#### EXTRACTED DATA
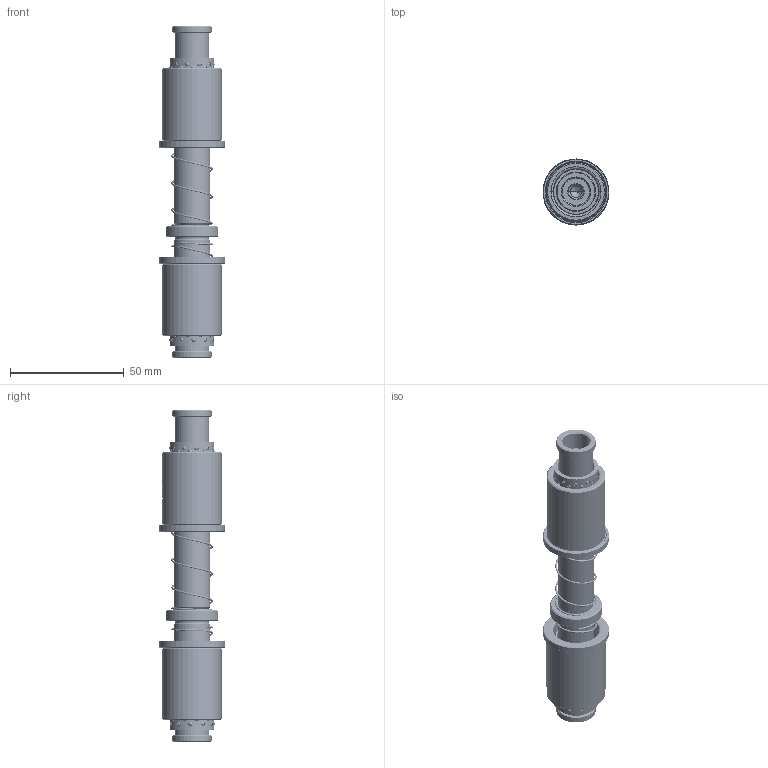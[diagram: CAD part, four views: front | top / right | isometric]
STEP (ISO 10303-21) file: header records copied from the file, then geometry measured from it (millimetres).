
FILE_DESCRIPTION (( 'STEP AP214' ), '1' );
FILE_NAME ('BJGPH BSGPH-D16-LA70-LB40-絳杶BL35.STEP', '2021-09-29T06:07:31', ( 'User' ), ( 'china' ), 'SwSTEP 2.0', 'SolidWorks 2016', '' );
FILE_SCHEMA (( 'AUTOMOTIVE_DESIGN' ));
Length unit declared in the file: millimetre
Products named in the file (10): GBBH--D26-d20-L35; GBBH-D26-d20-L35; HWP-B-D18.3-d16.5-L60; HWP-B-D18.3-d16.5-L30; GGTK-D17.3-d15 -15; BSH BJH-D19.7-16.3-L30; BALL-D2; GPWH-D16-70-40-10; BJGPH BSGPH-D16-LA70-LB40-絳杶BL35
Assembly tree (175 placements, depth 3):
  BJGPH BSGPH-D16-LA70-LB40-絳杶BL35
    GPWH-D16-70-40-10
    BSH BJH-D19.7-16.3-L30  x2
      BSH BJH-D19.7-16.3-L30
      BALL-D2
    GGTK-D17.3-d15 -15  x2
    HWP-B-D18.3-d16.5-L30
    HWP-B-D18.3-d16.5-L60
    GBBH-D26-d20-L35
    GBBH--D26-d20-L35
Bounding box: 29 x 29 x 146 mm (x, y, z)
Volume: 46849.5 mm3; surface area: 37773.8 mm2
Topology: 339 solids, 339 shells, 1530 faces, 6496 edges, 4300 vertices
Faces by surface type: sphere 1320, cylinder 68, cone 68, plane 42, torus 20, bspline 12
Entity records: 32780 total; most frequent: CARTESIAN_POINT 18431, ORIENTED_EDGE 2848, DIRECTION 2572, EDGE_CURVE 1424, AXIS2_PLACEMENT_3D 1213, VERTEX_POINT 926, EDGE_LOOP 848, B_SPLINE_CURVE_WITH_KNOTS 740
########
INSTRUCTIONS TO FOLLOW.
Collect the lines of the data that carry the word "STEP".

EXPECTED ANSWER.
STEP (ISO 10303-21) file: header records copied from the file, then geometry measured from it (millimetres).
FILE_DESCRIPTION (( 'STEP AP214' ), '1' );
FILE_NAME ('BJGPH BSGPH-D16-LA70-LB40-絳杶BL35.STEP', '2021-09-29T06:07:31', ( 'User' ), ( 'china' ), 'SwSTEP 2.0', 'SolidWorks 2016', '' );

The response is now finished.